Sue Huff is a former politician from Alberta, Canada. She was the acting leader of the Alberta Party from November 23, 2010, to May 28, 2011. She served as an elected public school trustee for the city of Edmonton from 2007 to 2010.

==Political career==
In 2007 Huff ran for a seat as a trustee to the Edmonton Public School Board in Ward C. She defeated incumbent Don Williams in a two-way race taking over 60% of the popular vote. She served a single term in office and did not seek re-election.

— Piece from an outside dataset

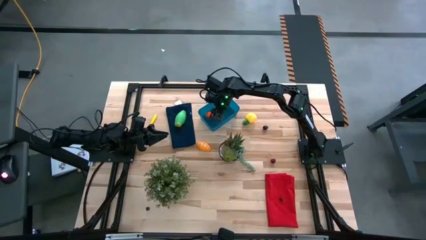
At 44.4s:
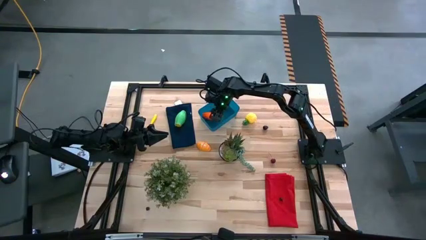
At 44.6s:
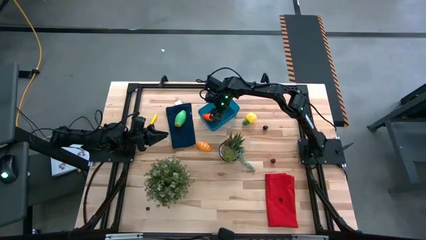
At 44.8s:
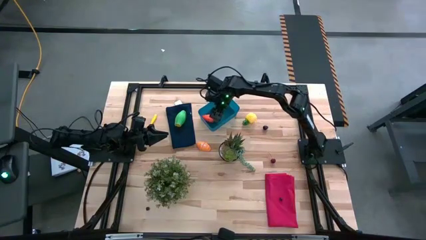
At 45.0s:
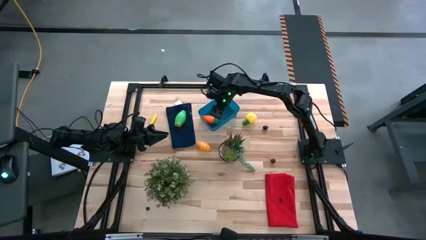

Huff was appointed as interim leader of the Alberta Party on November 23, 2010, replacing Edwin Erickson who had announced his resignation at the October 2010 annual general meeting. She served as leader until the party's leadership convention on May 28, 2011, in Edmonton. Following the convention, Huff returned to her position as a director on the provincial board and sought the nomination to run as the Alberta Party candidate in her home constituency of Edmonton-Glenora. In June 2011, Huff was nominated the Alberta Party candidate for Edmonton Glenora. In September 2011, Huff left her position on the board to focus on her campaign. She received 8.97% of the vote in Edmonton-Glenora in the 2012 provincial election.

===Election results===

v; t; e; 2012 Alberta general election: Edmonton-Glenora
| Party | Candidate | Votes | % | ±% |
|  | Progressive Conservative | Heather Klimchuk | 6,183 | 38.24% | -1.66% |
|  | New Democratic | Ray Martin | 4,143 | 25.62% | 10.52% |
|  | Wildrose Alliance | Don Koziak | 2,732 | 16.90% | 14.51% |
|  | Liberal | Bruce Miller | 1,670 | 10.33% | -28.74% |
|  | Alberta Party | Sue Huff | 1,441 | 8.91% | – |
| Total |  |  | 16,169 | – | – |
| Rejected, spoiled and declined |  |  | 119 | 55 | 6 |
| Eligible electors / turnout |  |  | 29,262 | 55.68% | 13.23% |
|  | Progressive Conservative hold |  | Swing |  | 5.89% |
Source(s) Source: "34 - Edmonton-Glenora, 2012 Alberta general election". officialresults.elections.ab.ca. Elections Alberta. Retrieved May 21, 2020.